Okay Great! How long are these trials going to take? How long do we have to wait for their verdict while people are dying, people are getting sick and lives are being ruined? What do we do in the meantime?
Another comment for an expert, from the Daily Caller in “Infectious Disease Expert says Anti-Malaria Drug Marks “Beginning of the End ” of the Pandemic”:
“Infectious disease expert Stephen Smith predicted Wednesday night that an anti-malaria drug is ushering in the “beginning of the end” of the coronavirus pandemic.
Researchers have found that hydroxychloroquine (HCQ), a drug normally used to treat malaria, is also effective in treating the virus. A recent trial conducted at Renmin Hospital at Wuhan University from Feb. 4 until Feb. 28. treated 31 patients with a five-day regimen of 400 milligrams of HCQ.”
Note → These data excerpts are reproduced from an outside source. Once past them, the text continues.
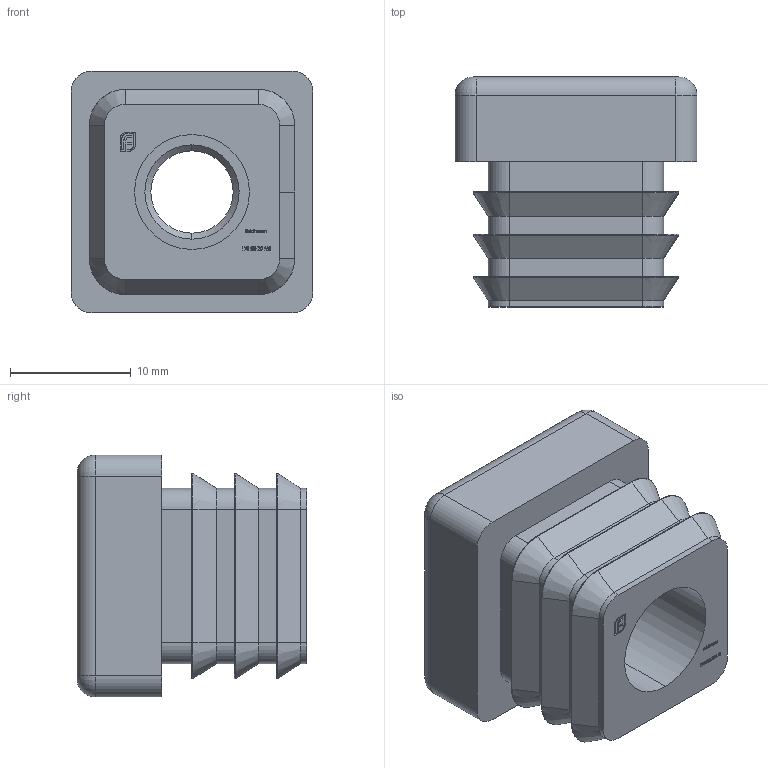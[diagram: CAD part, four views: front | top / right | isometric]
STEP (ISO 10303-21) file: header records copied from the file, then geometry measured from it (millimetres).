
FILE_DESCRIPTION (( 'STEP AP203' ), '1' );
FILE_NAME ('178-20X20-M8.step', '2021-01-27T12:30:15', ( '' ), ( '' ), 'SwSTEP 2.0', 'SolidWorks 2018', '' );
FILE_SCHEMA (( 'CONFIG_CONTROL_DESIGN' ));
Length unit declared in the file: millimetre
Products named in the file (2): 178-20X20-M8
Bounding box: 20 x 19 x 20 mm (x, y, z)
Volume: 4230 mm3; surface area: 3424.3 mm2
Topology: 2 solids, 2 shells, 462 faces, 1158 edges, 733 vertices
Faces by surface type: plane 238, bspline 132, cylinder 60, cone 16, torus 16
Entity records: 20461 total; most frequent: CARTESIAN_POINT 10087, ORIENTED_EDGE 2316, DIRECTION 1704, EDGE_CURVE 1158, LINE 748, VECTOR 748, VERTEX_POINT 733, EDGE_LOOP 499

“President Donald Trump recently waived FDA regulations to allow the drug and others to be used to treat coronavirus patients. “
“Smith told Fox News’ Laura Ingraham that none of the people who have been treated with the drug have had to be intubated, or put on a ventilator.”
““The chance of that occurring by chance according to my sons who did some stats for me are .000 something,” Smith said. “We worry about selection bias in the situation, but I cannot think of a reason why, if all else is equal, why people that have received five days or more — even four days or more of this hydroxychloroquine regimen wouldn’t get intubated.””
“Smith called the drug a “game-changer,” and said it could put an end to this current crisis.”
Moderator’s Note: No, you are not allowed to reciprocate. If you believe you have been insulted in a comment then flag the comment and explain the reason for your complaint. The moderators will then see your flagged comment and address the issue. We do not allow rhetorical gunfights on this site.